The purposes of this study were to (1) perform a systematic review of articles that reported agreement or reproducibility in repeated diagnosis of developmental dysplasia of the hip (DDH) using ultrasound imaging, (2) estimate the reproducibility in the available dysplasia metrics, and (3) compare reproducibility of the available dysplasia metrics.Methods:
A systematic review of the Medline and Embase databases was performed by using a search strategy formulated from our research question: “For infants at risk of DDH, are US imaging-based diagnoses reproducible?” Two reviewers independently identified articles for inclusion in the systematic review, and then assessed the quality of the included studies using the Guidelines for Reporting Reliability and Agreement Studies guideline.
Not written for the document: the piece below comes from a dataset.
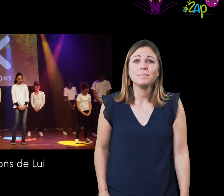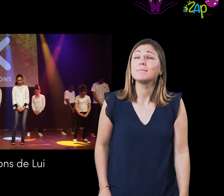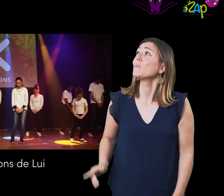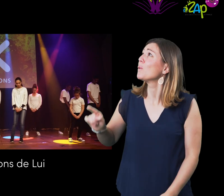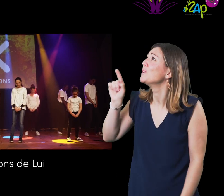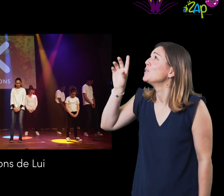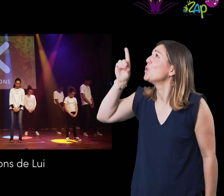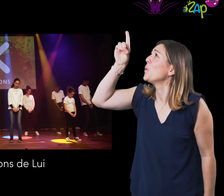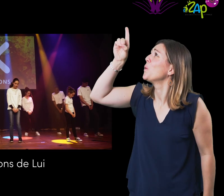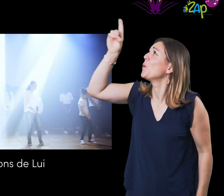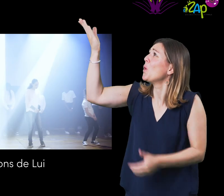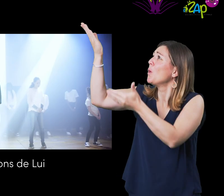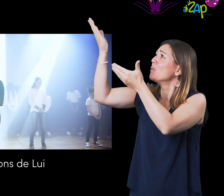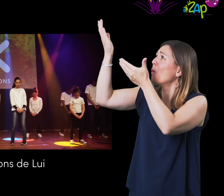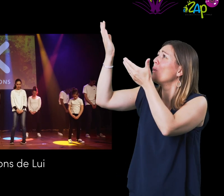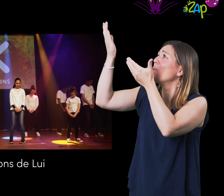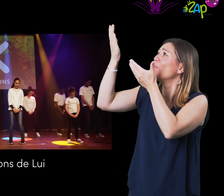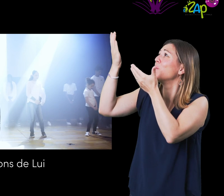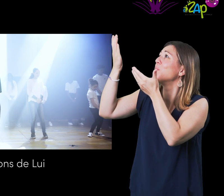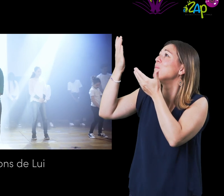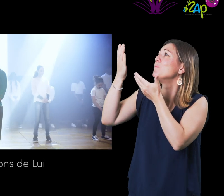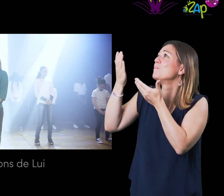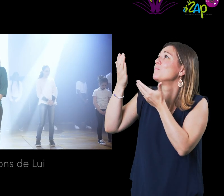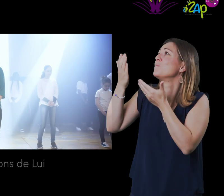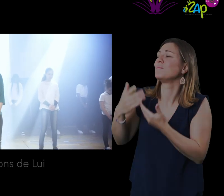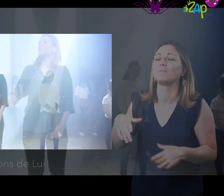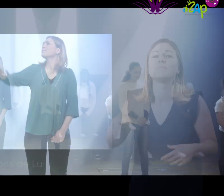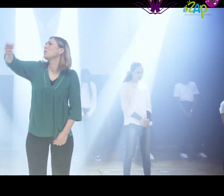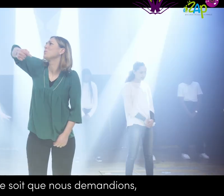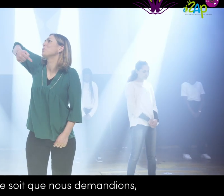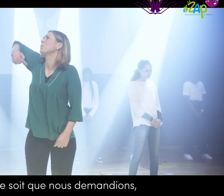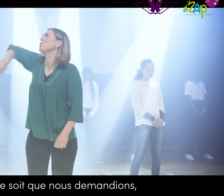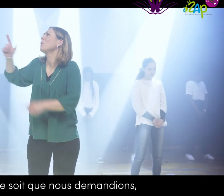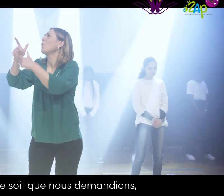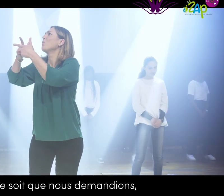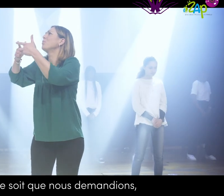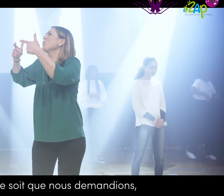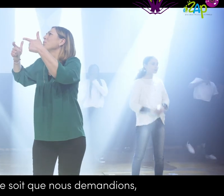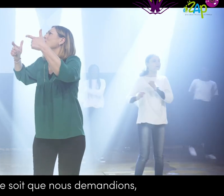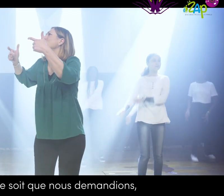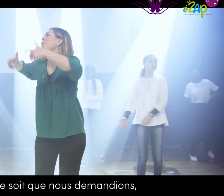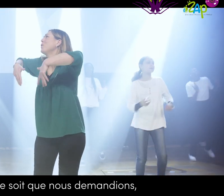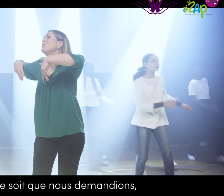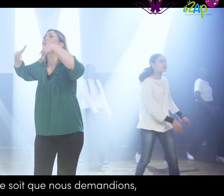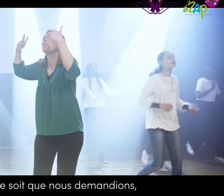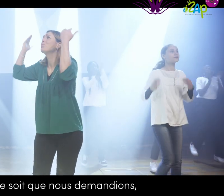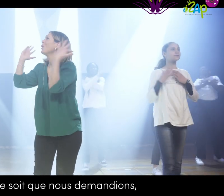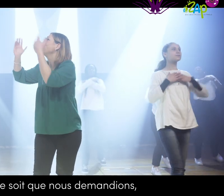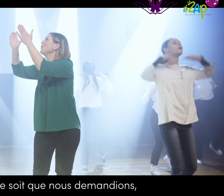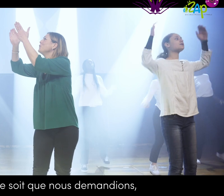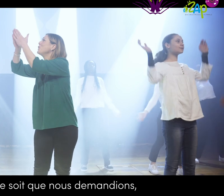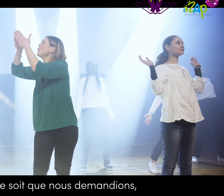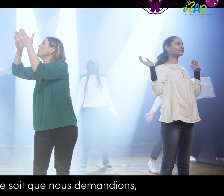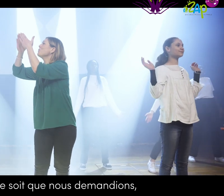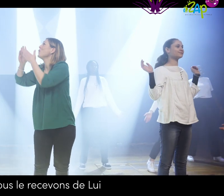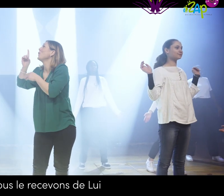Nous le recevons de lui Quoi que ce soit que nous demandions Quoi que ce soit que nous

Variability and agreement-related statistics in the included studies were extracted and included in a meta-analysis for summarizing the available statistics. The reproducibility of the available dysplasia metrics was compared, with a Bonferroni correction made to adjust for multiple comparisons.Results:
Twenty eight studies were included in the systematic review. Overall, the quality of the included studies was moderate (average, 10.7/15; range, 6 to 12). Graf’s alpha angle had the lowest interexamination variability of the metrics assessed, followed by Graf’s beta angle (the variability of the alpha angle was 10% lower than the variability of the beta angle, P<0.05). However, despite Graf’s angles having lower variability compared with other dysplasia metrics, their actual variability was still problematically high. This finding was supported by the low intraclass correlation and Kappa coefficient values reported in the included studies. There was also evidence to suggest that the reproducibility in DDH diagnosis has potentially worsened over time.Conclusions:
Overall, we found high variability and low agreement in all reported dysplasia metrics. Furthermore, in the last 3 decades, the repeatability of dysplasia metrics has not markedly improved and may even have declined, indicating a genuine need for improving repeatability and reliability of ultrasound-based DDH diagnosis.Level of Evidence:
Level III—systematic review of level III studies.